Пока Эд свежевал кролика, я вынула из мешочка огниво, чиркнула металлической полосой о кремень — сноп искр упал на сухую траву, она задымила. Сев на колени, я изо всех сил подула в будущий костер, и в клубах дыма затрепетал огонь, с треском перекинулся на хворост, выстрелил в небо хлопьями пепла. Я скрестила ноги, прямо на мешке разложила еду, облизнулась, уставившись на Эда, который нанизывал тушку кролика на вертел. Побросав в костер поленья, я побежала собирать землянику и малину, но спешно ретировалась, атакованная полчищем гнуса.

Прибежала к костру, села у ног Эда и принялась длинной палкой ворошить прогорающие поленья. Огонь недовольно потрескивал, плевался искрами, пытался перекинуться на мою палку.

— Странная ты, — сделал вывод наблюдающий за мной Эд. — Как ребенок. Но — очень мудрый ребенок. Говоришь странными словами, умеешь лечить и высекать огонь, не брезгуешь тяжелой работой и при этом всем не знаешь простейших вещей.
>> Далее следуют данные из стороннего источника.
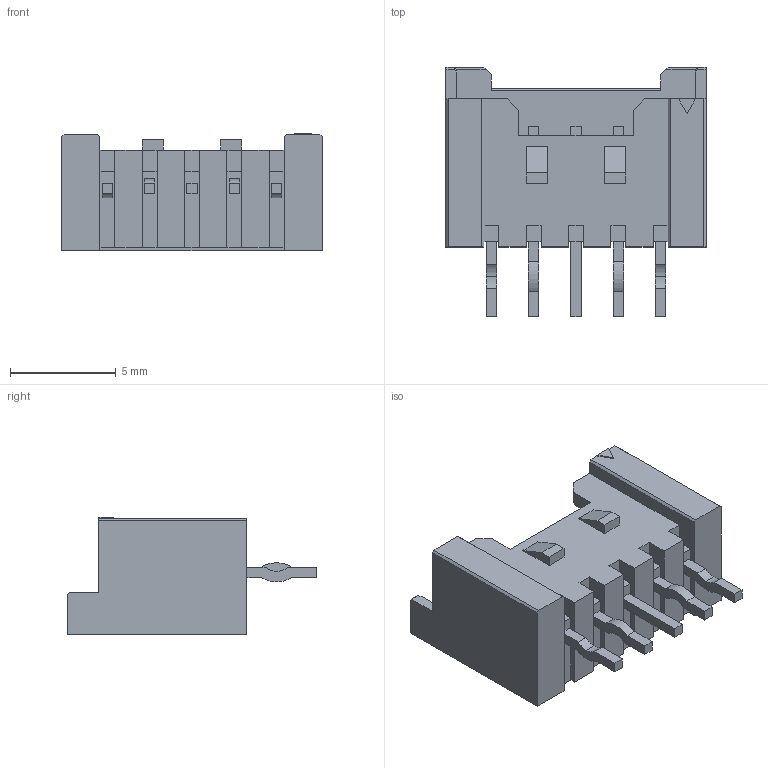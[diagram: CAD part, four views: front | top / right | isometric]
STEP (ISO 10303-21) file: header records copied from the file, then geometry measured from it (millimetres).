
FILE_DESCRIPTION (( 'STEP AP214' ), '1' );
FILE_NAME ('353620550.STEP', '2012-04-04T15:27:07', ( 'JFDuval' ), ( '' ), 'SwSTEP 2.0', 'SolidWorks 2010', '' );
FILE_SCHEMA (( 'AUTOMOTIVE_DESIGN' ));
Length unit declared in the file: millimetre
Products named in the file (1): 353620550
Bounding box: 12.3 x 11.8 x 5.55 mm (x, y, z)
Volume: 225.8 mm3; surface area: 673.4 mm2
Topology: 1 solids, 1 shells, 208 faces, 552 edges, 358 vertices
Faces by surface type: plane 196, cylinder 12
Entity records: 6334 total; most frequent: CARTESIAN_POINT 1119, ORIENTED_EDGE 1104, DIRECTION 994, EDGE_CURVE 552, LINE 528, VECTOR 528, VERTEX_POINT 358, AXIS2_PLACEMENT_3D 233

Я ответила, не глядя на него:

— Говорила же, что прошлое забыла, теперь меня каждый понемногу чему-то учит. В голове остались знания, они всплывают, если их освежить. Тело помнит танцы и музыку. Но той Вианты, которую все знали, больше нет, есть эта, другая, которая умеет ценить жизнь. Жаль, что мы начинаем ценить что-то, только когда понимаем, что можем это потерять.

Договорив, я прихлопнула на щеке комара. Эд вбил по разные стороны костра две палки в форме вилок и водрузил на них вертел с кроликом, сел в траву, касаясь рукой моей руки. Его близость сводила меня с ума, и я отодвинулась, подтянула ноги к животу.

— Женщины так не говорят, — вздохнул Эд. — О таких вещах не каждый мужчина осмелится сказать.

Захотелось съязвить про его глупую жену, но я прикусила язык. Глупая, не глупая, но он женат на ней, а не на мне. В жизни чаще бывает так, что побеждает не тот, кто достойнее и умнее, а тот кто раньше начал забег.

— Говорят, я отлично сражалась на ножах и умела управляться с короткой саблей. Ничего не помню. — Я вздохнула, отхлебнула медовухи и уставилась на Эда с азартом. — Слушай, а давай проверим, врут или нет?

Я вскочила и закружила по поляне в поисках палок подходящей длины. Пришлось ломать какой-то куст, подгонять прутья по длине. Подбежав к Эду, я ткнула в него прутом и проговорила:

— Защищайтесь!

— Точно ребенок. — Он покачал головой, взял имитацию сабли, нехотя поднялся и встал, вытянув руку с прутом в мою сторону. — Я выше тебя, у меня преимущество.

Он ринулся в атаку, не предупредив, но тело вспомнило, что нужно делать — я скользнула вбок, отражая удар, крутнулась вокруг своей оси и едва успела отразить второй. Пригибаясь, скользнула вниз, перекатилась, пытаясь полоснуть его по ноге под коленкой — он отпрыгнул и ударил место, где я только что находилась, опустил прут и сказал с уважением:

— Ты молодец. Не каждый из моих воспитанников так сможет.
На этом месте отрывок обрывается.